EXERCISE>
Report the number of lines in the data below where the string "should" shows up, and only that number.

GIVEN RECORDS>
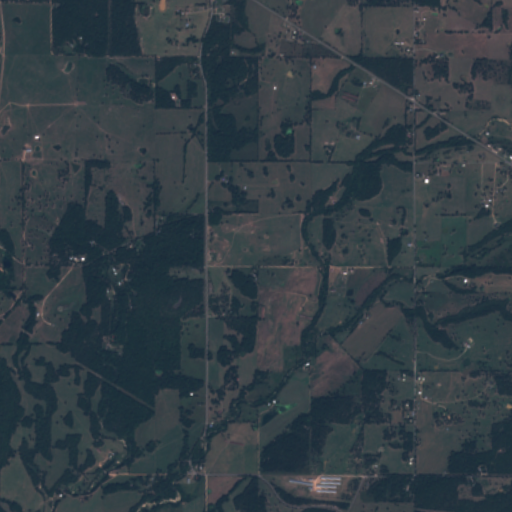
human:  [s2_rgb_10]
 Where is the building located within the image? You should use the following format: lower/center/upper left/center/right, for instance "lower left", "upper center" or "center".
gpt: The building is located in the upper left of the image.
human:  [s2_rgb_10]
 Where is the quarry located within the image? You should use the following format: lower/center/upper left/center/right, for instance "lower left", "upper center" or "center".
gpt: There is no quarry in the image.

ANSWER AREA>
2